[Data extracted from a collection]
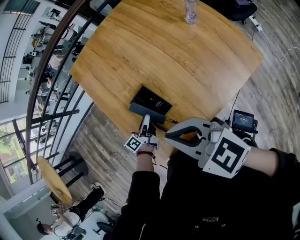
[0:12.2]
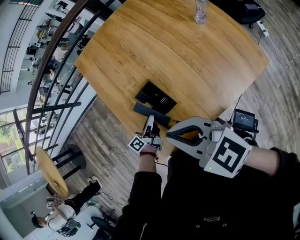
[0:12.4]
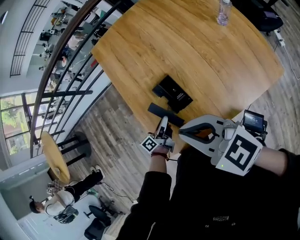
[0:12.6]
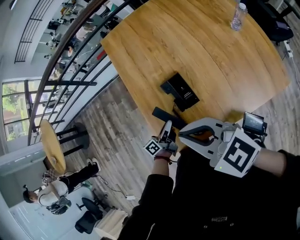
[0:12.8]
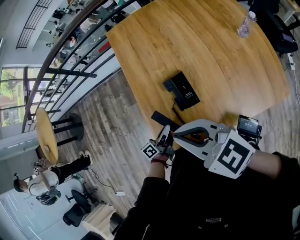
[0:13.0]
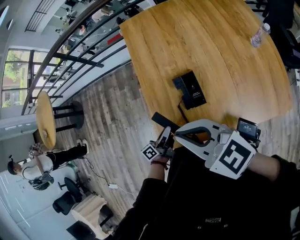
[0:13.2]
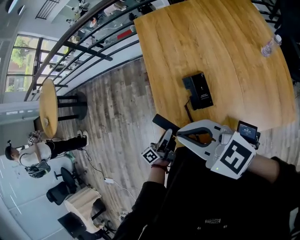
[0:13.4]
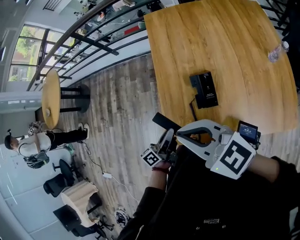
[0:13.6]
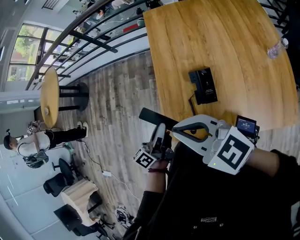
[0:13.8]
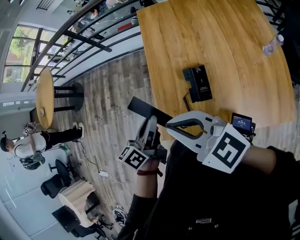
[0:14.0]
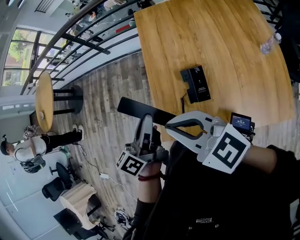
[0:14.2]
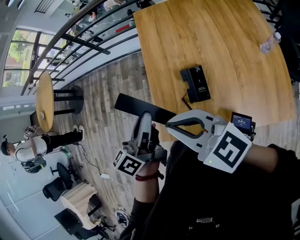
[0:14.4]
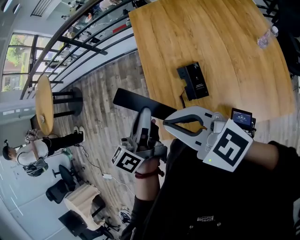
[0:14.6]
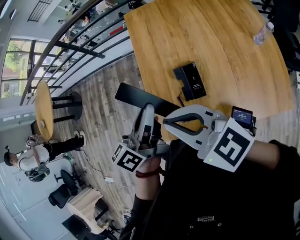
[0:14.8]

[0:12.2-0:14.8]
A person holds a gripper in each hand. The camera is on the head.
0:12.2 to 0:13.4: The right gripper is displaced to the left by roughly 10 cm, and swivels some 30 degrees, while the left gripper goes some 20 cm to the left, backward and upward, and swivels some 20 degrees.
0:13.4 to 0:14.8: The left gripper moves upward, roughly 25 cm, and rotates some 20 degrees.

## The problem
Every line of the data is to be transcribed exactly, and no picture is to be included.

## Expected answer
[0:12.2]
[0:12.4]
[0:12.6]
[0:12.8]
[0:13.0]
[0:13.2]
[0:13.4]
[0:13.6]
[0:13.8]
[0:14.0]
[0:14.2]
[0:14.4]
[0:14.6]
[0:14.8]

[0:12.2-0:14.8]
A person holds a gripper in each hand. The camera is on the head.
0:12.2 to 0:13.4: The right gripper is displaced to the left by roughly 10 cm, and swivels some 30 degrees, while the left gripper goes some 20 cm to the left, backward and upward, and swivels some 20 degrees.
0:13.4 to 0:14.8: The left gripper moves upward, roughly 25 cm, and rotates some 20 degrees.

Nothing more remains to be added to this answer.